By June 2006, the Intrepid Museum Foundation executives had notified state and federal governments of their plans to renovate Intrepid, though few details of this renovation were disclosed publicly. The foundation had already asked the United States Army Corps of Engineers to help dredge the mud around the keel so tugboats could tow her to a dry dock. That July, the foundation announced that Intrepid, along with Pier 86, would undergo renovations and repairs. Initially, the project was supposed to cost $58 million and take 18 months. The project was to be funded with $31 million from the federal government, $17 million from the New York City Council, and $5 million from the state; the city later increased its share to $23 million. Intrepid closed on October 1, 2006, in preparation for being towed to a dry dock at the Military Ocean Terminal in Bayonne, New Jersey. Museum officials had decided to tow the carrier away, as they estimated that the project would cost $100 million and take five years if Intrepid were left in place.

Just before the renovation was scheduled to begin, Newsday reported that corrupt activities may have been involved in the renovation contract for Pier 86, prompting concerns that Intrepid and the Intrepid Museum Foundation were being investigated. Furthermore, after the dry dock in Bayonne was found to be deteriorated, museum officials decided to move Intrepid to another pier in that city until the dry dock was repaired. The scheduled move on November 6, 2006, was delayed when Intrepids propellers stuck in the Hudson River mud, preventing tugboats from moving the ship out of her berth. The Navy and USACE spent $3 million to extricate the carrier, removing 39,000 yd3 of sediment and mud from the propellers and pier., Tugboats made a successful second attempt on December 5, 2006. By the end of the year, Growler was also towed to Bayonne for renovation, while the Concorde on Pier 86 was floated to Floyd Bennett Field so the pier could be repaired. The Intrepid Museum Foundation also sold $7.08 million in bonds to fund its continuing operations.
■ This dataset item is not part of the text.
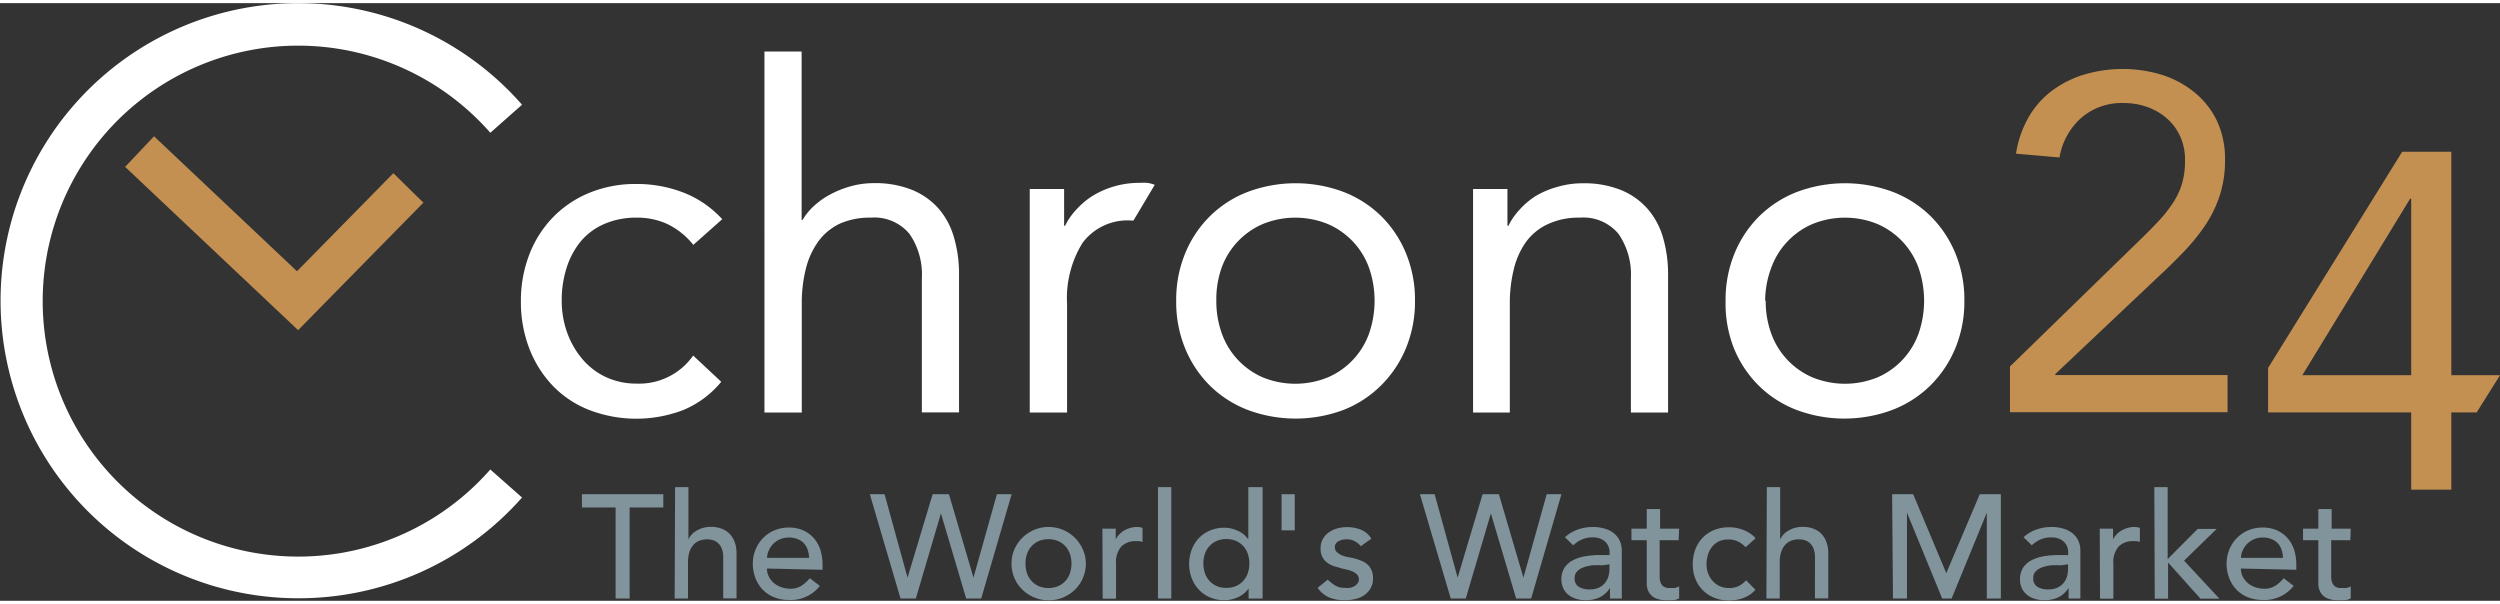 <svg id="chrono24" data-name="Chrono24" xmlns="http://www.w3.org/2000/svg" width="178" height="43" viewBox="0 0 178.2 42.6"><rect x="0" y="0" width="178.2" height="42.6" fill="#333333" stroke="none"/><defs><style>.cls-1{fill:#fff}</style></defs><path class="cls-1" d="M49.42 17.23a5.38 5.38 0 0 0-1.84-1.48 5.09 5.09 0 0 0-2.18-.46 5.66 5.66 0 0 0-2.35.46A4.52 4.52 0 0 0 41.38 17a5.68 5.68 0 0 0-1 1.89 7.54 7.54 0 0 0-.34 2.3 6.63 6.63 0 0 0 .39 2.3 6.08 6.08 0 0 0 1.09 1.89 4.9 4.9 0 0 0 1.68 1.28 5.18 5.18 0 0 0 2.21.46 4.7 4.7 0 0 0 4-2l2 1.87a6.93 6.93 0 0 1-2.7 2.01A9.37 9.37 0 0 1 42 29a7.28 7.28 0 0 1-2.6-1.73 8 8 0 0 1-1.67-2.65 9.21 9.21 0 0 1-.6-3.37 9.12 9.12 0 0 1 .6-3.33 7.84 7.84 0 0 1 1.68-2.65 7.69 7.69 0 0 1 2.6-1.75 8.65 8.65 0 0 1 3.35-.63 9.2 9.2 0 0 1 3.35.61 7.33 7.33 0 0 1 2.77 1.9zm5.07-13.78h2.65v12h.07a4.22 4.22 0 0 1 .75-.94 5.6 5.6 0 0 1 1.14-.83 7 7 0 0 1 1.48-.61 6.17 6.17 0 0 1 1.73-.24 7 7 0 0 1 2.7.48 5.09 5.09 0 0 1 1.89 1.33A5.38 5.38 0 0 1 68 16.7a9.26 9.26 0 0 1 .36 2.64v9.83h-2.65v-9.56a5.09 5.09 0 0 0-.88-3.16 3.25 3.25 0 0 0-2.76-1.16 5.17 5.17 0 0 0-2.23.44A4 4 0 0 0 58.32 17a5.64 5.64 0 0 0-.88 1.94 10 10 0 0 0-.29 2.48v7.76h-2.66zm26.3 12.05h-.07a4 4 0 0 0-3.55 1.58 7.46 7.46 0 0 0-1.11 4.34v7.76H73.4V13.25h2.45v2.62h.07a4.6 4.6 0 0 1 .77-1.12 5.52 5.52 0 0 1 1.17-1 6.26 6.26 0 0 1 1.53-.68 6.35 6.35 0 0 1 1.84-.26 4.52 4.52 0 0 1 .54 0 2.4 2.4 0 0 1 .54.14zm3.05 5.71a8.66 8.66 0 0 1 .65-3.4 8 8 0 0 1 1.77-2.64 7.86 7.86 0 0 1 2.69-1.72 9.75 9.75 0 0 1 6.8 0 7.87 7.87 0 0 1 2.69 1.72 8 8 0 0 1 1.77 2.64 8.67 8.67 0 0 1 .65 3.4 8.67 8.67 0 0 1-.65 3.4 8.05 8.05 0 0 1-1.77 2.64A7.86 7.86 0 0 1 95.75 29a9.75 9.75 0 0 1-6.8 0 7.86 7.86 0 0 1-2.69-1.72 8 8 0 0 1-1.77-2.64 8.66 8.66 0 0 1-.65-3.43zm2.86 0a6.73 6.73 0 0 0 .39 2.33A5.37 5.37 0 0 0 90 26.67a6.14 6.14 0 0 0 4.66 0 5.37 5.37 0 0 0 2.93-3.13 7.14 7.14 0 0 0 0-4.66 5.38 5.38 0 0 0-2.93-3.13 6.14 6.14 0 0 0-4.66 0 5.38 5.38 0 0 0-2.93 3.13 6.74 6.74 0 0 0-.37 2.33zm18.3-7.96h2.45v2.62h.07a4.6 4.6 0 0 1 .77-1.12 5.52 5.52 0 0 1 1.17-1 6.26 6.26 0 0 1 1.54-.65 6.35 6.35 0 0 1 1.84-.26 7 7 0 0 1 2.7.48 5.09 5.09 0 0 1 1.89 1.33 5.38 5.38 0 0 1 1.11 2.06 9.26 9.26 0 0 1 .36 2.64v9.83h-2.65v-9.57a5.09 5.09 0 0 0-.88-3.16 3.25 3.25 0 0 0-2.76-1.16 5.17 5.17 0 0 0-2.23.44 4 4 0 0 0-1.59 1.27 5.64 5.64 0 0 0-.88 1.94 10 10 0 0 0-.29 2.48v7.76H105V13.25zm18 7.96a8.66 8.66 0 0 1 .65-3.4 8 8 0 0 1 1.77-2.64 7.87 7.87 0 0 1 2.69-1.72 9.75 9.75 0 0 1 6.8 0 7.87 7.87 0 0 1 2.69 1.72 8.07 8.07 0 0 1 1.77 2.64 8.67 8.67 0 0 1 .65 3.4 8.67 8.67 0 0 1-.65 3.4 8.08 8.08 0 0 1-1.77 2.64 7.87 7.87 0 0 1-2.73 1.75 9.75 9.75 0 0 1-6.8 0 7.86 7.86 0 0 1-2.69-1.72 8 8 0 0 1-1.77-2.64 8.66 8.66 0 0 1-.61-3.43zm2.86 0a6.73 6.73 0 0 0 .39 2.33 5.38 5.38 0 0 0 2.93 3.13 6.14 6.14 0 0 0 4.66 0 5.38 5.38 0 0 0 2.92-3.13 7.15 7.15 0 0 0 0-4.66 5.38 5.38 0 0 0-2.92-3.13 6.14 6.14 0 0 0-4.66 0 5.38 5.38 0 0 0-2.93 3.13 6.74 6.74 0 0 0-.43 2.33z"/><path d="M143.27 25.9l9.08-8.84q.85-.82 1.5-1.51a9.84 9.84 0 0 0 1.07-1.36 5.2 5.2 0 0 0 .63-1.38 5.8 5.8 0 0 0 .2-1.6 4.06 4.06 0 0 0-.34-1.7 3.76 3.76 0 0 0-.94-1.28 4.28 4.28 0 0 0-1.39-.82 5 5 0 0 0-1.72-.29 4.4 4.4 0 0 0-3 1.05A4.84 4.84 0 0 0 146.8 11l-3.1-.27a7.52 7.52 0 0 1 .9-2.6 6.23 6.23 0 0 1 1.67-1.89 7.44 7.44 0 0 1 2.26-1.14 9.62 9.62 0 0 1 5.54 0 7.07 7.07 0 0 1 2.33 1.24 5.94 5.94 0 0 1 1.6 2 6.38 6.38 0 0 1 .6 2.82 8 8 0 0 1-.39 2.59 8.66 8.66 0 0 1-1.05 2.13 14.35 14.35 0 0 1-1.5 1.84q-.83.87-1.75 1.72l-7.41 7v.07h12.28v2.65h-15.51zm31.46.62h3.47l-1.66 2.65h-1.81v5.51h-2.86v-5.51h-10.2V26l9.56-15.41h3.5zm-2.86-12.59h-.07l-7.69 12.59h7.76zM21.25 23.31L8.92 11.67l2.06-2.18 10.19 9.62 6.87-6.99 2.14 2.1-8.93 9.09z" fill="#c39052"/><path class="cls-1" d="M21.21 42.42a21.21 21.21 0 1 1 16-35.18l-2.26 2a18.21 18.21 0 1 0 0 24l2.26 2a21.22 21.22 0 0 1-16 7.18z"/><path d="M43.88 35.95h-2.4V35h5.8v.95h-2.4v6.49h-1zm4.24-1.45h.95v3.73a1.39 1.39 0 0 1 .62-.65 2 2 0 0 1 1-.25 2.15 2.15 0 0 1 .69.11 1.55 1.55 0 0 1 .58.34 1.66 1.66 0 0 1 .39.59 2.29 2.29 0 0 1 .15.86v3.2h-.95V39.5a1.65 1.65 0 0 0-.09-.59 1.07 1.07 0 0 0-.25-.4.94.94 0 0 0-.36-.22 1.35 1.35 0 0 0-.43-.07 1.55 1.55 0 0 0-.55.09 1.15 1.15 0 0 0-.44.3 1.41 1.41 0 0 0-.29.52 2.38 2.38 0 0 0-.1.75v2.56h-.95zm6.55 5.8a1.25 1.25 0 0 0 .14.59 1.47 1.47 0 0 0 .37.46 1.74 1.74 0 0 0 .54.29 1.93 1.93 0 0 0 .63.1 1.41 1.41 0 0 0 .77-.21 2.47 2.47 0 0 0 .6-.54l.72.55a2.63 2.63 0 0 1-2.21 1 2.74 2.74 0 0 1-1.07-.2 2.32 2.32 0 0 1-.81-.55 2.44 2.44 0 0 1-.51-.83 2.94 2.94 0 0 1-.18-1 2.73 2.73 0 0 1 .19-1 2.59 2.59 0 0 1 .54-.83 2.43 2.43 0 0 1 .81-.55 2.62 2.62 0 0 1 1-.2 2.46 2.46 0 0 1 1.12.23 2.22 2.22 0 0 1 .75.6 2.39 2.39 0 0 1 .43.84 3.52 3.52 0 0 1 .13 1v.34zm3-.76a2 2 0 0 0-.1-.58 1.27 1.27 0 0 0-.27-.46 1.25 1.25 0 0 0-.45-.3 1.63 1.63 0 0 0-.62-.11 1.52 1.52 0 0 0-.64.13 1.57 1.57 0 0 0-.49.34 1.61 1.61 0 0 0-.31.47 1.3 1.3 0 0 0-.11.51zM62 35h1.05l1.64 5.95L66.48 35h1.16l1.75 5.95L71.06 35h1.05l-2.17 7.44h-1.07l-1.8-6.07-1.79 6.07h-1.09zm10.1 4.95a2.54 2.54 0 0 1 .2-1 2.66 2.66 0 0 1 4.89 0 2.54 2.54 0 0 1 .21 1 2.59 2.59 0 0 1-.77 1.85 2.69 2.69 0 0 1-3.76 0 2.58 2.58 0 0 1-.77-1.85zm1 0a2 2 0 0 0 .11.7 1.56 1.56 0 0 0 .33.55 1.49 1.49 0 0 0 .51.36 1.84 1.84 0 0 0 1.37 0 1.49 1.49 0 0 0 .51-.36 1.56 1.56 0 0 0 .33-.55 2.18 2.18 0 0 0 0-1.4 1.57 1.57 0 0 0-.33-.55 1.52 1.52 0 0 0-.51-.36 1.84 1.84 0 0 0-1.37 0 1.52 1.52 0 0 0-.51.36 1.57 1.57 0 0 0-.33.55 2 2 0 0 0-.11.7zm5.48-2.49h.95v.77a1.37 1.37 0 0 1 .25-.36 1.67 1.67 0 0 1 .35-.28 1.83 1.83 0 0 1 .43-.18 1.6 1.6 0 0 1 .46-.07 1.33 1.33 0 0 1 .42.06v1l-.23-.05h-.23a1.39 1.39 0 0 0-1.06.39 1.71 1.71 0 0 0-.37 1.21v2.5h-.95zm3.96-2.96h.95v7.94h-.95zM90 42.44h-1v-.72a1.81 1.81 0 0 1-.75.62 2.33 2.33 0 0 1-1 .22 2.63 2.63 0 0 1-1-.2 2.3 2.3 0 0 1-.8-.56 2.51 2.51 0 0 1-.51-.83 2.87 2.87 0 0 1-.18-1 2.92 2.92 0 0 1 .18-1 2.45 2.45 0 0 1 .51-.83 2.34 2.34 0 0 1 .8-.55 2.63 2.63 0 0 1 1-.2 2.32 2.32 0 0 1 1 .23 1.73 1.73 0 0 1 .73.61V34.5H90zm-2.58-.76a1.7 1.7 0 0 0 .68-.13 1.49 1.49 0 0 0 .51-.36 1.56 1.56 0 0 0 .33-.55 2.18 2.18 0 0 0 0-1.4 1.57 1.57 0 0 0-.33-.55 1.52 1.52 0 0 0-.51-.36 1.84 1.84 0 0 0-1.37 0 1.52 1.52 0 0 0-.51.36 1.57 1.57 0 0 0-.33.55 2.18 2.18 0 0 0 0 1.4 1.56 1.56 0 0 0 .33.55 1.49 1.49 0 0 0 .51.36 1.7 1.7 0 0 0 .66.13zM91.35 35h.94v2.58h-.94zM97 38.71a1.46 1.46 0 0 0-.42-.35 1.19 1.19 0 0 0-.6-.14 1.14 1.14 0 0 0-.58.14.45.45 0 0 0-.25.41.47.47 0 0 0 .14.36 1.1 1.1 0 0 0 .34.22 1.92 1.92 0 0 0 .42.13l.38.07a4.46 4.46 0 0 1 .57.18 1.57 1.57 0 0 1 .46.27 1.19 1.19 0 0 1 .3.41 1.41 1.41 0 0 1 .11.59 1.38 1.38 0 0 1-.18.72 1.49 1.49 0 0 1-.46.49 2 2 0 0 1-.65.27 3.26 3.26 0 0 1-.73.08 2.88 2.88 0 0 1-1.09-.19 2 2 0 0 1-.84-.69l.72-.59a2.92 2.92 0 0 0 .52.41 1.26 1.26 0 0 0 .69.18 1.85 1.85 0 0 0 .36 0 1.13 1.13 0 0 0 .33-.12.71.71 0 0 0 .23-.2.45.45 0 0 0 .09-.28.48.48 0 0 0-.13-.35 1 1 0 0 0-.32-.22 2.33 2.33 0 0 0-.39-.13l-.36-.08-.58-.17a1.77 1.77 0 0 1-.48-.25 1.16 1.16 0 0 1-.34-.4 1.29 1.29 0 0 1-.13-.6 1.36 1.36 0 0 1 .16-.68 1.45 1.45 0 0 1 .43-.48 2 2 0 0 1 .61-.28 2.58 2.58 0 0 1 .69-.09 2.55 2.55 0 0 1 1 .19 1.53 1.53 0 0 1 .73.63zm4.21-3.71h1.05l1.64 5.95 1.78-5.95h1.16l1.75 5.95 1.66-5.95h1.05l-2.16 7.44h-1.07l-1.8-6.07-1.79 6.07h-1.07zm10.34 3.07a2.63 2.63 0 0 1 .92-.55 3.17 3.17 0 0 1 1.05-.18 2.9 2.9 0 0 1 .94.14 1.84 1.84 0 0 1 .65.37 1.44 1.44 0 0 1 .37.53 1.64 1.64 0 0 1 .12.62v3.44h-.84v-.76a1.81 1.81 0 0 1-.75.68 2.35 2.35 0 0 1-1 .2 2.27 2.27 0 0 1-.66-.1 1.61 1.61 0 0 1-.55-.28 1.35 1.35 0 0 1-.37-.47 1.62 1.62 0 0 1 .08-1.46 1.64 1.64 0 0 1 .59-.53 2.84 2.84 0 0 1 .87-.29 6.06 6.06 0 0 1 1.07-.09h.69v-.21a1 1 0 0 0-.07-.38 1 1 0 0 0-.22-.34 1.06 1.06 0 0 0-.37-.24 1.42 1.42 0 0 0-.53-.09 1.94 1.94 0 0 0-.48.05 2.07 2.07 0 0 0-.37.13 1.61 1.61 0 0 0-.3.18l-.26.2zm2.67 2a6.58 6.58 0 0 0-.69 0 2.71 2.71 0 0 0-.64.14 1.23 1.23 0 0 0-.47.29.67.67 0 0 0-.18.48.68.68 0 0 0 .29.62 1.41 1.41 0 0 0 .78.19 1.51 1.51 0 0 0 .66-.13 1.25 1.25 0 0 0 .44-.34 1.32 1.32 0 0 0 .24-.47 1.84 1.84 0 0 0 .07-.51V40zm5.43-1.79h-1.35v2.68a1.08 1.08 0 0 0 .08.37.59.59 0 0 0 .21.26.72.72 0 0 0 .42.1h.35a1 1 0 0 0 .33-.12v.86a1.25 1.25 0 0 1-.44.13h-.41a1.91 1.91 0 0 1-.85-.15 1 1 0 0 1-.44-.39 1.28 1.28 0 0 1-.17-.54v-3.2h-1.09v-.82h1.09v-1.4h.95v1.4h1.36zm4.78.5a2 2 0 0 0-.55-.41 1.55 1.55 0 0 0-.69-.14 1.53 1.53 0 0 0-.68.14 1.37 1.37 0 0 0-.48.39 1.74 1.74 0 0 0-.29.57 2.22 2.22 0 0 0-.1.67 1.87 1.87 0 0 0 .12.66 1.66 1.66 0 0 0 .33.54 1.49 1.49 0 0 0 .5.36 1.59 1.59 0 0 0 .66.13 1.51 1.51 0 0 0 .68-.14 1.74 1.74 0 0 0 .53-.41l.67.67a2.12 2.12 0 0 1-.86.59 3 3 0 0 1-1 .18 2.85 2.85 0 0 1-1.06-.19 2.44 2.44 0 0 1-.82-.53 2.34 2.34 0 0 1-.54-.82 2.84 2.84 0 0 1-.19-1.06 2.89 2.89 0 0 1 .19-1.06 2.44 2.44 0 0 1 .53-.83 2.41 2.41 0 0 1 .82-.54 2.82 2.82 0 0 1 1.07-.19 2.86 2.86 0 0 1 1 .19 2.29 2.29 0 0 1 .87.59zm1.51-4.28h.95v3.73a1.39 1.39 0 0 1 .62-.65 2 2 0 0 1 1-.25 2.15 2.15 0 0 1 .69.11 1.55 1.55 0 0 1 .58.34 1.66 1.66 0 0 1 .39.59 2.29 2.29 0 0 1 .15.86v3.2h-.95V39.5a1.65 1.65 0 0 0-.09-.59 1.07 1.07 0 0 0-.25-.4.94.94 0 0 0-.36-.22 1.35 1.35 0 0 0-.43-.07 1.55 1.55 0 0 0-.55.09 1.15 1.15 0 0 0-.44.3 1.41 1.41 0 0 0-.29.52 2.38 2.38 0 0 0-.1.75v2.56h-.95zm8.93.5h1.5l2.36 5.63 2.39-5.63h1.5v7.44h-1v-6.12l-2.51 6.12h-.67l-2.51-6.12v6.12h-1zm9.37 3.07a2.64 2.64 0 0 1 .92-.55 3.18 3.18 0 0 1 1.05-.18 2.9 2.9 0 0 1 .94.14 1.83 1.83 0 0 1 .65.37 1.45 1.45 0 0 1 .37.53 1.66 1.66 0 0 1 .12.62v3.44h-.84v-.76a1.81 1.81 0 0 1-.75.68 2.35 2.35 0 0 1-1 .2 2.27 2.27 0 0 1-.66-.1 1.59 1.59 0 0 1-.55-.28 1.36 1.36 0 0 1-.37-.47 1.61 1.61 0 0 1 .08-1.46 1.64 1.64 0 0 1 .59-.53 2.85 2.85 0 0 1 .87-.29 6.06 6.06 0 0 1 1.07-.09h.69v-.21a1 1 0 0 0-.29-.72 1.07 1.07 0 0 0-.37-.24 1.42 1.42 0 0 0-.53-.09 2 2 0 0 0-.48.05 2 2 0 0 0-.37.13 1.66 1.66 0 0 0-.3.18l-.26.2zm2.67 2a6.6 6.6 0 0 0-.69 0 2.69 2.69 0 0 0-.64.14 1.23 1.23 0 0 0-.47.29.66.66 0 0 0-.18.48.68.68 0 0 0 .29.62 1.41 1.41 0 0 0 .78.19 1.5 1.5 0 0 0 .66-.13 1.24 1.24 0 0 0 .44-.34 1.34 1.34 0 0 0 .24-.47 1.84 1.84 0 0 0 .07-.51V40zm2.76-2.61h.95v.77a1.37 1.37 0 0 1 .25-.36 1.67 1.67 0 0 1 .35-.28 1.83 1.83 0 0 1 .43-.18 1.6 1.6 0 0 1 .46-.07 1.33 1.33 0 0 1 .42.06v1l-.23-.05h-.23a1.39 1.39 0 0 0-1.06.39 1.71 1.71 0 0 0-.37 1.21v2.5h-.95zm3.89-2.96h.95v5.13l2.14-2.15H158l-2.32 2.26 2.52 2.71h-1.35l-2.31-2.58v2.58h-.95zm6.17 5.8a1.24 1.24 0 0 0 .14.59 1.48 1.48 0 0 0 .37.46 1.74 1.74 0 0 0 .54.29 1.93 1.93 0 0 0 .63.1 1.41 1.41 0 0 0 .77-.21 2.48 2.48 0 0 0 .6-.54l.71.55a2.63 2.63 0 0 1-2.21 1 2.73 2.73 0 0 1-1.07-.2 2.32 2.32 0 0 1-.81-.55 2.44 2.44 0 0 1-.51-.83 2.94 2.94 0 0 1-.18-1 2.71 2.71 0 0 1 .19-1 2.57 2.57 0 0 1 .54-.83 2.44 2.44 0 0 1 .81-.55 2.61 2.61 0 0 1 1-.2 2.47 2.47 0 0 1 1.12.23 2.22 2.22 0 0 1 .75.6 2.41 2.41 0 0 1 .43.84 3.52 3.52 0 0 1 .13 1v.34zm3-.76a2 2 0 0 0-.1-.58 1.27 1.27 0 0 0-.27-.46 1.24 1.24 0 0 0-.45-.3 1.63 1.63 0 0 0-.62-.11 1.52 1.52 0 0 0-.64.13 1.57 1.57 0 0 0-.49.34 1.59 1.59 0 0 0-.31.47 1.28 1.28 0 0 0-.11.51zm4.8-1.26h-1.36v2.68a1.08 1.08 0 0 0 .08.37.59.59 0 0 0 .21.26.72.72 0 0 0 .42.1h.35a1 1 0 0 0 .33-.12v.86a1.25 1.25 0 0 1-.44.13h-.41a1.91 1.91 0 0 1-.85-.15 1 1 0 0 1-.44-.39 1.28 1.28 0 0 1-.17-.54v-3.2h-1.09v-.82h1.09v-1.4h.95v1.4h1.36z" fill="#81949c"/></svg>

Pier 86 was demolished and rebuilt to accommodate plumbing and cables, which had not been present in the original pier. After sitting at a cruise-ship port for four months, Intrepid was towed to dry dock in April 2007 and received exterior modifications, including new paint, new propellers, and a restored hull. After exterior modifications were completed, the carrier was towed to Staten Island, New York, for interior repairs in June 2007, on the anniversary of D-Day. At Staten Island, Intrepids facilities were upgraded and expanded; for example, workers replaced 80000 ft2 on Intrepids three top decks. The fo'c'sle was restored, the starboard side and flight deck were deoxidized, a new aircraft elevator was installed, and new wiring was installed. The firm of Perkins + Will was hired to redesign several exhibits and create other exhibits within space that had been closed to the public. The exterior renovations were budgeted at $4.8 million, while the interior cost another $6 million to $8 million.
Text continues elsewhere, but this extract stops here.